From the first line to the last, restate the data exactly, leaving out the images.

======== MATERIAL FOR THIS EXERCISE ========

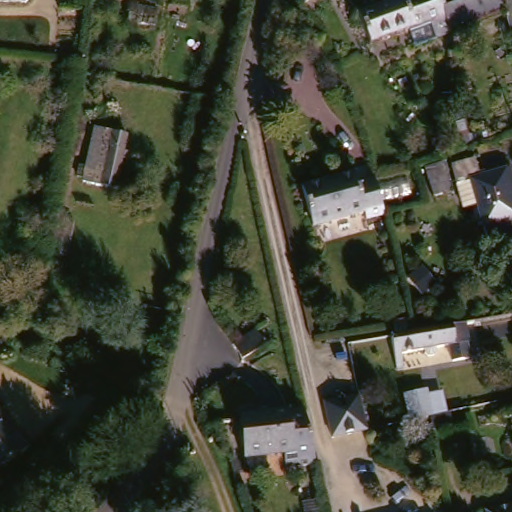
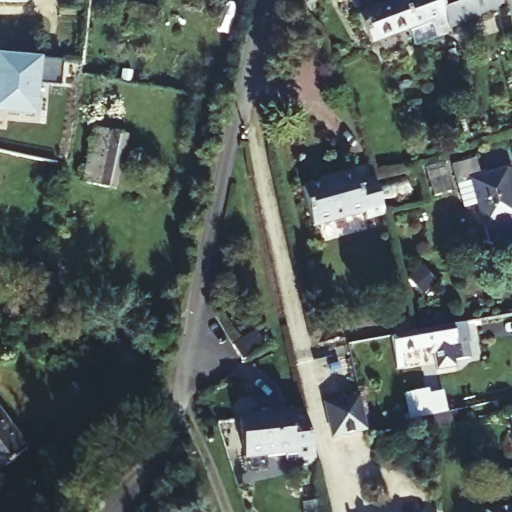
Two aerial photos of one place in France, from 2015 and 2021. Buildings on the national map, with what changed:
unchanged [(308,7),(304,0),(321,0),(308,7)]
unchanged [(416,30),(374,44),(358,15),(350,0),(374,0),(379,8),(404,0),(448,0),(451,5),(464,0),(508,0),(510,5),(455,28),(457,34),(445,37),(446,39),(422,46),(416,30)]
unchanged [(160,7),(157,24),(130,21),(132,3),(160,7)]
new [(61,58),(59,84),(34,82),(32,112),(0,110),(0,53),(61,58)]
unchanged [(96,179),(97,174),(92,173),(95,161),(99,162),(108,125),(140,132),(127,186),(96,179)]
unchanged [(512,171),(512,236),(500,238),(492,205),(479,208),(472,185),(467,164),(491,158),(495,175),(512,171)]
unchanged [(457,162),(463,191),(448,195),(442,166),(457,162)]
unchanged [(311,186),(363,171),(366,180),(382,175),(392,211),(392,213),(375,218),(372,211),(321,224),(311,186)]
unchanged [(56,221),(71,225),(63,259),(57,257),(54,275),(44,273),(56,221)]
unchanged [(411,363),(407,350),(403,333),(415,330),(435,326),(438,326),(480,319),(482,337),(478,338),(482,353),(465,355),(462,341),(442,344),(441,343),(428,346),(412,349),(416,362),(411,363)]
unchanged [(258,345),(236,360),(226,345),(249,330),(258,345)]
unchanged [(417,418),(411,393),(430,389),(431,393),(447,390),(451,410),(436,414),(417,418)]
unchanged [(377,429),(342,436),(335,403),(370,396),(377,429)]
unchanged [(34,443),(0,470),(0,400),(34,443)]
unchanged [(251,471),(250,457),(245,414),(266,412),(265,401),(273,400),(275,411),(296,409),(296,411),(311,410),(323,464),(293,467),(292,453),(271,455),(272,469),(251,471)]
unchanged [(475,419),(453,424),(451,410),(472,406),(475,419)]
unchanged [(512,512),(497,512),(497,510),(512,507),(512,512)]

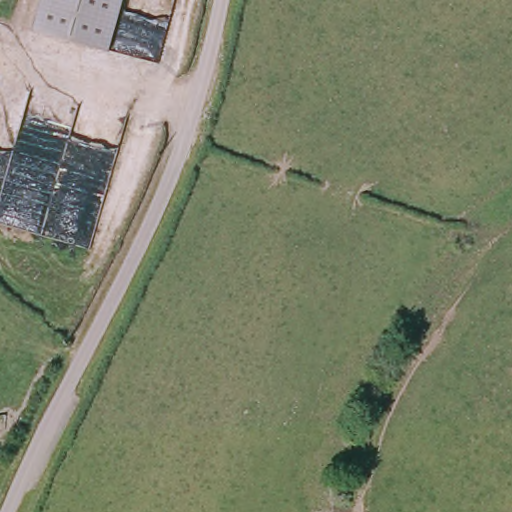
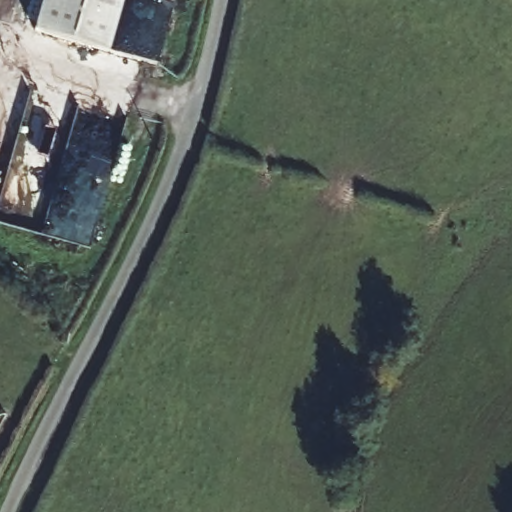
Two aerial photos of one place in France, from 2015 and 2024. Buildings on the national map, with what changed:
unchanged [(124,0),(110,51),(33,31),(42,0),(124,0)]

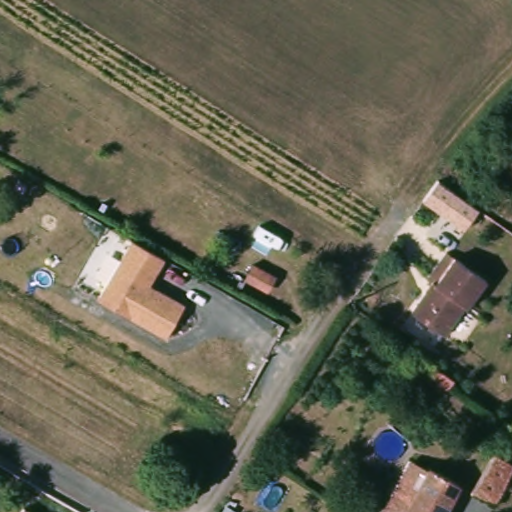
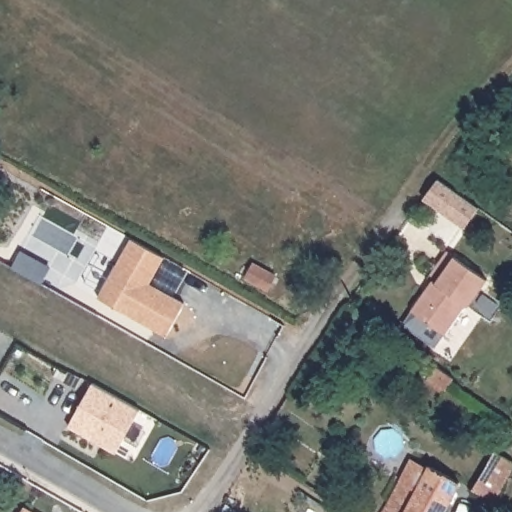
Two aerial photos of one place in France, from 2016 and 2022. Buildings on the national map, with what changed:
unchanged [(463,229),(423,202),(438,180),(476,209),(463,229)]
unchanged [(167,258),(154,283),(187,302),(165,337),(100,295),(132,238),(167,258)]
unchanged [(485,285),(464,312),(461,309),(439,338),(405,312),(421,293),(428,284),(425,282),(446,255),(485,285)]
unchanged [(242,279),(251,263),(273,276),(264,293),(242,279)]
unchanged [(419,376),(429,362),(446,374),(447,374),(437,389),(419,376)]
new [(67,428),(91,385),(139,411),(114,454),(67,428)]
unchanged [(512,463),(512,467),(492,502),(470,486),(492,449),(512,463)]
unchanged [(398,484),(415,493),(427,469),(456,484),(458,485),(444,512),(381,512),(398,484)]
unchanged [(21,509),(26,512),(20,512),(21,509)]

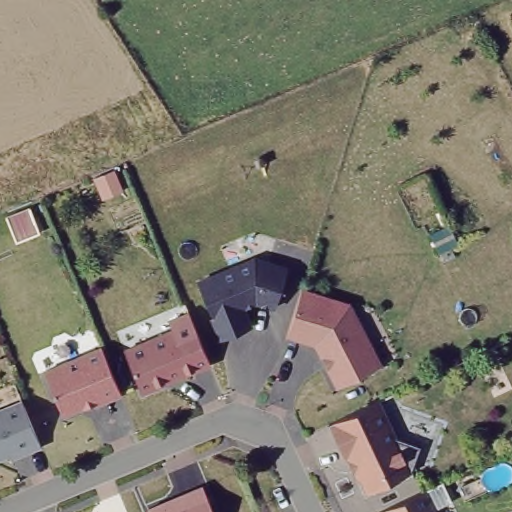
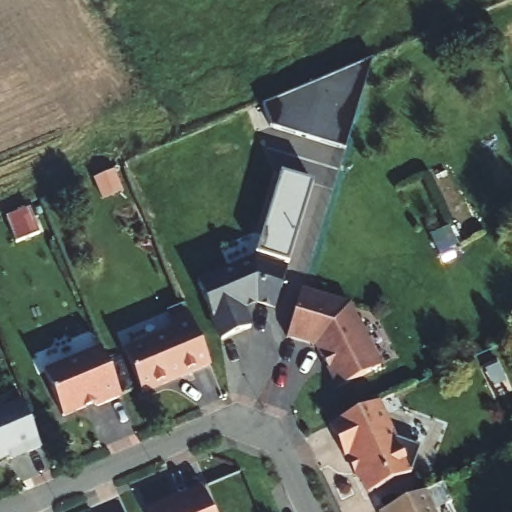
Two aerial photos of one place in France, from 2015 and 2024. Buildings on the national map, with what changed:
new [(373,61),(345,150),(270,126),(280,95),(292,98),(296,83),(309,87),(373,61)]
new [(287,267),(262,261),(258,260),(254,262),(280,175),(312,185),(287,267)]
unchanged [(202,282),(258,260),(262,261),(291,269),(280,307),(259,303),(245,308),(254,329),(225,341),(203,286),(202,282)]
unchanged [(354,303),(385,365),(344,386),(321,342),(293,335),(307,288),(354,303)]
unchanged [(147,397),(130,352),(178,332),(175,323),(193,316),(215,368),(147,397)]
unchanged [(100,405),(98,401),(65,415),(48,370),(105,346),(125,395),(100,405)]
unchanged [(15,457),(13,453),(0,458),(0,410),(25,400),(45,445),(15,457)]
unchanged [(417,472),(372,492),(355,453),(347,456),(336,425),(387,401),(397,427),(395,436),(427,447),(417,472)]
unchanged [(219,512),(154,512),(152,506),(208,485),(219,512)]
unchanged [(438,512),(386,512),(428,492),(438,512)]

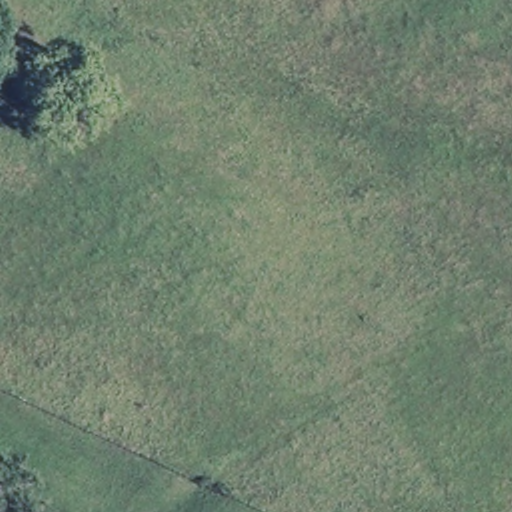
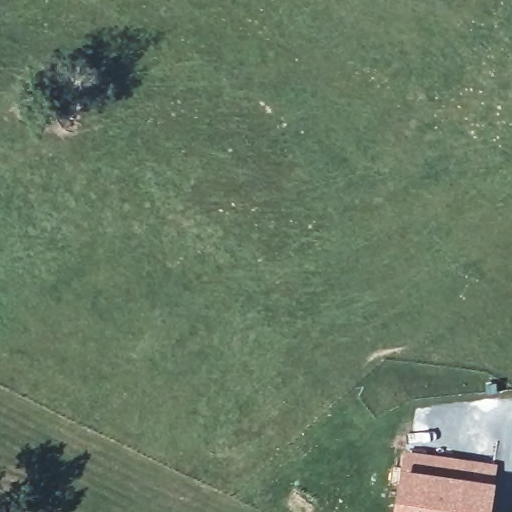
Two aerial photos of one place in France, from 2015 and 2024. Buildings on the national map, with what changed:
new [(496,463),(494,483),(490,512),(395,512),(402,468),(405,450),(496,463)]

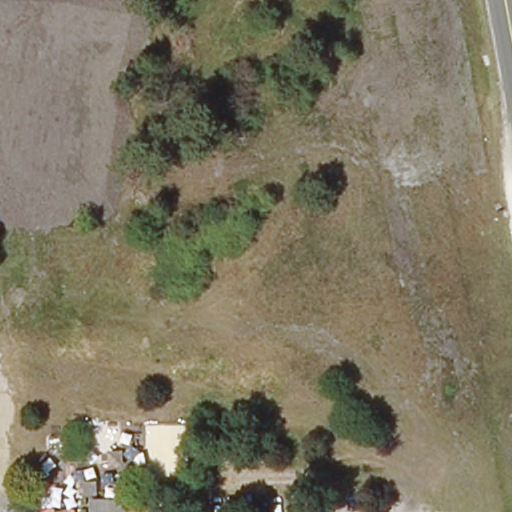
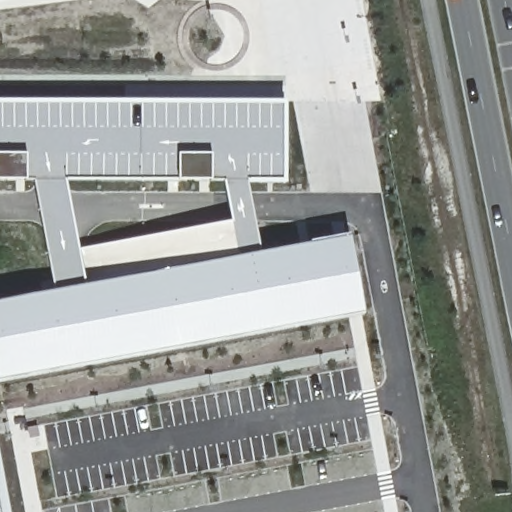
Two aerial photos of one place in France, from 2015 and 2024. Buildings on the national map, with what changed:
new [(286,184),(247,184),(261,251),(350,236),(364,313),(0,381),(0,301),(53,290),(33,180),(26,180),(24,180),(0,180),(0,101),(285,101),(286,184)]
new [(0,512),(0,457),(10,512),(0,512)]

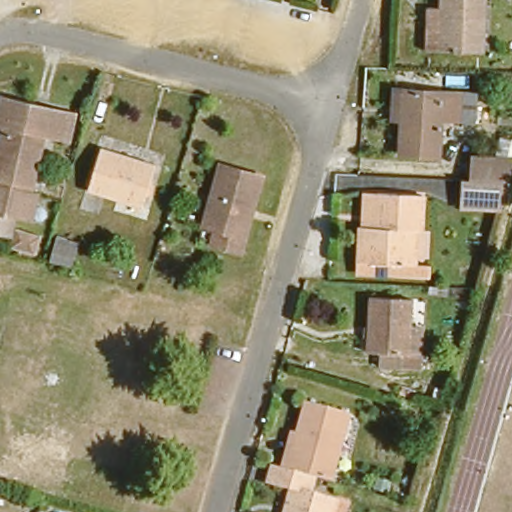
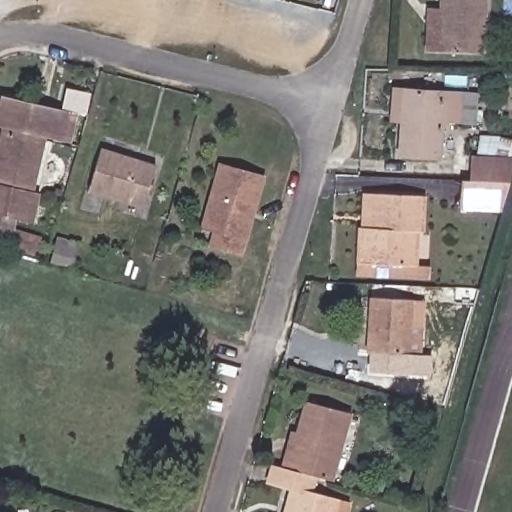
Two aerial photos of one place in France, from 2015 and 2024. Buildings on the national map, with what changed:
unchanged [(421,48),(421,5),(438,6),(439,0),(483,0),(485,49),(421,48)]
unchanged [(447,116),(431,116),(432,156),(394,156),(393,96),(446,94),(447,116)]
unchanged [(47,109),(41,134),(32,131),(31,137),(36,139),(16,216),(5,214),(0,231),(0,130),(1,124),(0,123),(0,99),(0,97),(47,109)]
unchanged [(139,207),(87,192),(100,148),(153,164),(139,207)]
unchanged [(512,156),(512,161),(507,177),(499,205),(498,208),(460,209),(460,176),(468,176),(469,155),(512,156)]
unchanged [(205,220),(222,164),(265,175),(242,256),(214,247),(220,225),(205,220)]
unchanged [(418,201),(417,246),(409,246),(408,275),(365,275),(365,239),(374,239),(374,201),(418,201)]
unchanged [(25,252),(5,246),(8,234),(29,239),(25,252)]
unchanged [(72,273),(53,268),(56,255),(76,259),(72,273)]
unchanged [(425,370),(380,367),(381,350),(368,350),(373,293),(410,296),(406,351),(425,352),(425,370)]
unchanged [(310,416),(302,414),(307,401),(350,415),(327,481),(311,476),(283,468),(288,448),(294,428),(300,430),(305,432),(310,416)]
unchanged [(283,468),(311,476),(307,492),(335,500),(332,512),(282,512),(287,492),(265,486),(270,465),(283,468)]

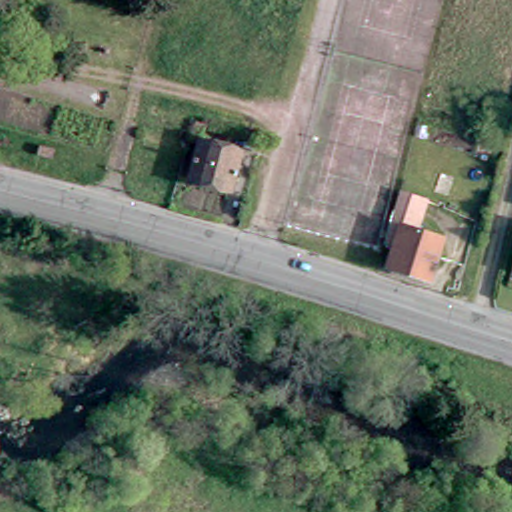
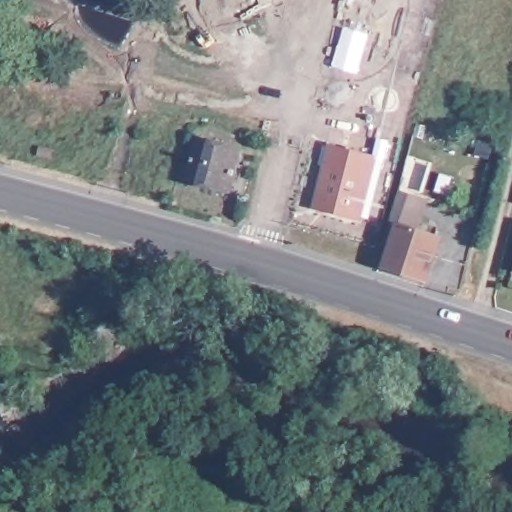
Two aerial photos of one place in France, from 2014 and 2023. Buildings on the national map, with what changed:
unchanged [(230,188),(187,176),(197,138),(239,150),(230,188)]
new [(324,145),(375,158),(360,222),(307,209),(324,145)]
demolished [(417,211),(425,182),(439,186),(440,181),(447,184),(437,218),(417,211)]
unchanged [(440,241),(427,283),(387,269),(392,250),(385,247),(394,211),(415,217),(420,219),(416,234),(435,240),(440,241)]

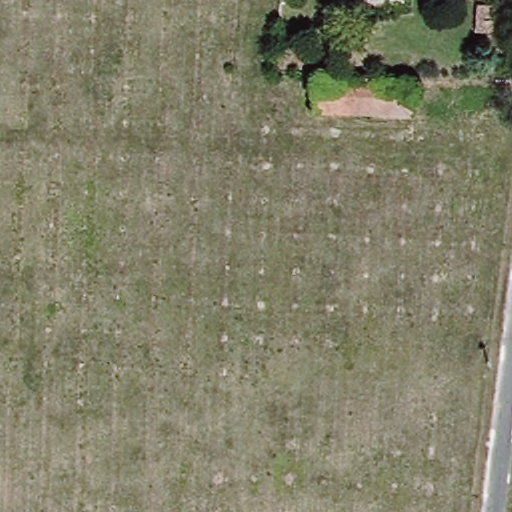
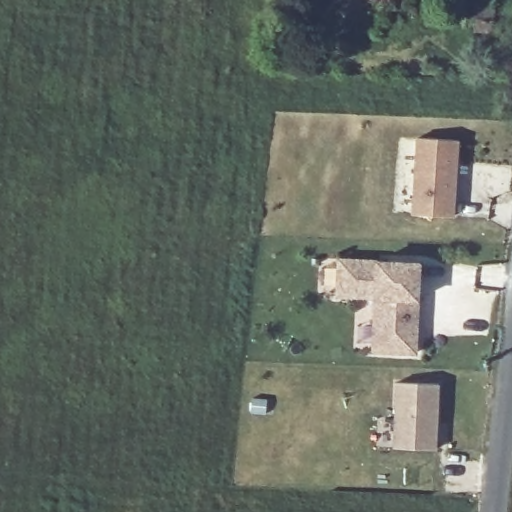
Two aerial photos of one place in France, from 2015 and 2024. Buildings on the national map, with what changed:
demolished [(405,89),(404,117),(308,111),(310,83),(405,89)]
new [(460,140),(453,219),(412,216),(418,136),(460,140)]
new [(417,356),(370,354),(372,301),(335,300),(337,257),(378,260),(422,262),(417,356)]
new [(442,383),(438,450),(392,448),(395,383),(442,383)]

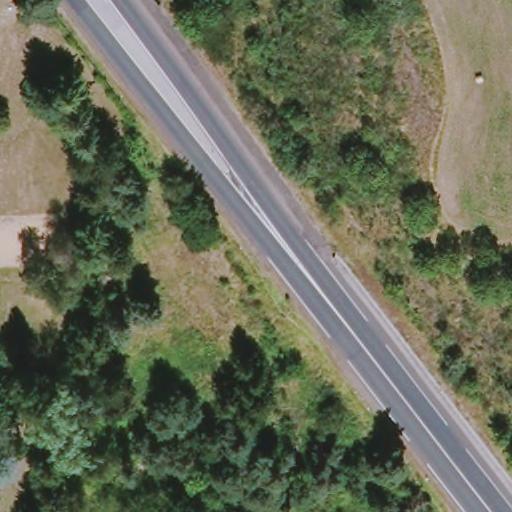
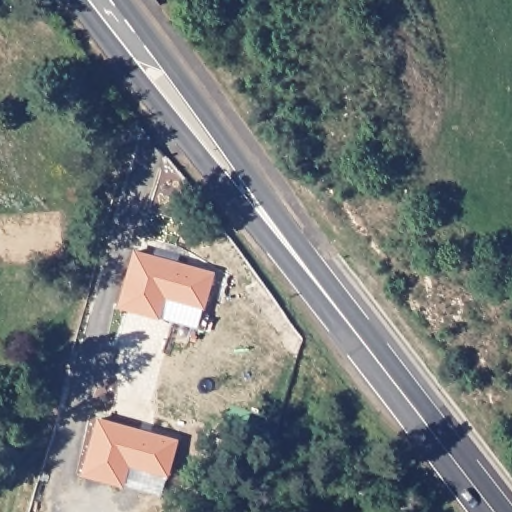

========

#### OUTPUT BELOW:
Two aerial photos of one place in France, from 2015 and 2021. Buildings on the national map, with what changed:
unchanged [(308,7),(304,0),(321,0),(308,7)]
unchanged [(416,30),(374,44),(358,15),(350,0),(374,0),(379,8),(404,0),(448,0),(451,5),(464,0),(508,0),(510,5),(455,28),(457,34),(445,37),(446,39),(422,46),(416,30)]
unchanged [(160,7),(157,24),(130,21),(132,3),(160,7)]
new [(61,58),(59,84),(34,82),(32,112),(0,110),(0,53),(61,58)]
unchanged [(96,179),(97,174),(92,173),(95,161),(99,162),(108,125),(140,132),(127,186),(96,179)]
unchanged [(512,171),(512,236),(500,238),(492,205),(479,208),(472,185),(467,164),(491,158),(495,175),(512,171)]
unchanged [(457,162),(463,191),(448,195),(442,166),(457,162)]
unchanged [(311,186),(363,171),(366,180),(382,175),(392,211),(392,213),(375,218),(372,211),(321,224),(311,186)]
unchanged [(56,221),(71,225),(63,259),(57,257),(54,275),(44,273),(56,221)]
unchanged [(411,363),(407,350),(403,333),(415,330),(435,326),(438,326),(480,319),(482,337),(478,338),(482,353),(465,355),(462,341),(442,344),(441,343),(428,346),(412,349),(416,362),(411,363)]
unchanged [(258,345),(236,360),(226,345),(249,330),(258,345)]
unchanged [(417,418),(411,393),(430,389),(431,393),(447,390),(451,410),(436,414),(417,418)]
unchanged [(377,429),(342,436),(335,403),(370,396),(377,429)]
unchanged [(34,443),(0,470),(0,400),(34,443)]
unchanged [(251,471),(250,457),(245,414),(266,412),(265,401),(273,400),(275,411),(296,409),(296,411),(311,410),(323,464),(293,467),(292,453),(271,455),(272,469),(251,471)]
unchanged [(475,419),(453,424),(451,410),(472,406),(475,419)]
unchanged [(512,512),(497,512),(497,510),(512,507),(512,512)]

Two aerial photos of one place in France, from 2015 and 2024. Buildings on the national map, with what changed:
unchanged [(124,0),(110,51),(33,31),(42,0),(124,0)]

Two aerial photos of one place in France, from 2016 and 2022. Buildings on the national map, with what changed:
unchanged [(463,229),(423,202),(438,180),(476,209),(463,229)]
unchanged [(167,258),(154,283),(187,302),(165,337),(100,295),(132,238),(167,258)]
unchanged [(485,285),(464,312),(461,309),(439,338),(405,312),(421,293),(428,284),(425,282),(446,255),(485,285)]
unchanged [(242,279),(251,263),(273,276),(264,293),(242,279)]
unchanged [(419,376),(429,362),(446,374),(447,374),(437,389),(419,376)]
new [(67,428),(91,385),(139,411),(114,454),(67,428)]
unchanged [(512,463),(512,467),(492,502),(470,486),(492,449),(512,463)]
unchanged [(398,484),(415,493),(427,469),(456,484),(458,485),(444,512),(381,512),(398,484)]
unchanged [(21,509),(26,512),(20,512),(21,509)]

Two aerial photos of one place in France, from 2015 and 2024. Buildings on the national map, with what changed:
new [(373,61),(345,150),(270,126),(280,95),(292,98),(296,83),(309,87),(373,61)]
new [(287,267),(262,261),(258,260),(254,262),(280,175),(312,185),(287,267)]
unchanged [(202,282),(258,260),(262,261),(291,269),(280,307),(259,303),(245,308),(254,329),(225,341),(203,286),(202,282)]
unchanged [(354,303),(385,365),(344,386),(321,342),(293,335),(307,288),(354,303)]
unchanged [(147,397),(130,352),(178,332),(175,323),(193,316),(215,368),(147,397)]
unchanged [(100,405),(98,401),(65,415),(48,370),(105,346),(125,395),(100,405)]
unchanged [(15,457),(13,453),(0,458),(0,410),(25,400),(45,445),(15,457)]
unchanged [(417,472),(372,492),(355,453),(347,456),(336,425),(387,401),(397,427),(395,436),(427,447),(417,472)]
unchanged [(219,512),(154,512),(152,506),(208,485),(219,512)]
unchanged [(438,512),(386,512),(428,492),(438,512)]

Two aerial photos of one place in France, from 2015 and 2024. Buildings on the national map, with what changed:
new [(496,463),(494,483),(490,512),(395,512),(402,468),(405,450),(496,463)]

Two aerial photos of one place in France, from 2015 and 2024. Buildings on the national map, with what changed:
new [(286,184),(247,184),(261,251),(350,236),(364,313),(0,381),(0,301),(53,290),(33,180),(26,180),(24,180),(0,180),(0,101),(285,101),(286,184)]
new [(0,512),(0,457),(10,512),(0,512)]

Two aerial photos of one place in France, from 2015 and 2024. Buildings on the national map, with what changed:
unchanged [(421,48),(421,5),(438,6),(439,0),(483,0),(485,49),(421,48)]
unchanged [(447,116),(431,116),(432,156),(394,156),(393,96),(446,94),(447,116)]
unchanged [(47,109),(41,134),(32,131),(31,137),(36,139),(16,216),(5,214),(0,231),(0,130),(1,124),(0,123),(0,99),(0,97),(47,109)]
unchanged [(139,207),(87,192),(100,148),(153,164),(139,207)]
unchanged [(512,156),(512,161),(507,177),(499,205),(498,208),(460,209),(460,176),(468,176),(469,155),(512,156)]
unchanged [(205,220),(222,164),(265,175),(242,256),(214,247),(220,225),(205,220)]
unchanged [(418,201),(417,246),(409,246),(408,275),(365,275),(365,239),(374,239),(374,201),(418,201)]
unchanged [(25,252),(5,246),(8,234),(29,239),(25,252)]
unchanged [(72,273),(53,268),(56,255),(76,259),(72,273)]
unchanged [(425,370),(380,367),(381,350),(368,350),(373,293),(410,296),(406,351),(425,352),(425,370)]
unchanged [(310,416),(302,414),(307,401),(350,415),(327,481),(311,476),(283,468),(288,448),(294,428),(300,430),(305,432),(310,416)]
unchanged [(283,468),(311,476),(307,492),(335,500),(332,512),(282,512),(287,492),(265,486),(270,465),(283,468)]

Two aerial photos of one place in France, from 2014 and 2023. Buildings on the national map, with what changed:
unchanged [(230,188),(187,176),(197,138),(239,150),(230,188)]
new [(324,145),(375,158),(360,222),(307,209),(324,145)]
demolished [(417,211),(425,182),(439,186),(440,181),(447,184),(437,218),(417,211)]
unchanged [(440,241),(427,283),(387,269),(392,250),(385,247),(394,211),(415,217),(420,219),(416,234),(435,240),(440,241)]

Two aerial photos of one place in France, from 2015 and 2024. Buildings on the national map, with what changed:
demolished [(405,89),(404,117),(308,111),(310,83),(405,89)]
new [(460,140),(453,219),(412,216),(418,136),(460,140)]
new [(417,356),(370,354),(372,301),(335,300),(337,257),(378,260),(422,262),(417,356)]
new [(442,383),(438,450),(392,448),(395,383),(442,383)]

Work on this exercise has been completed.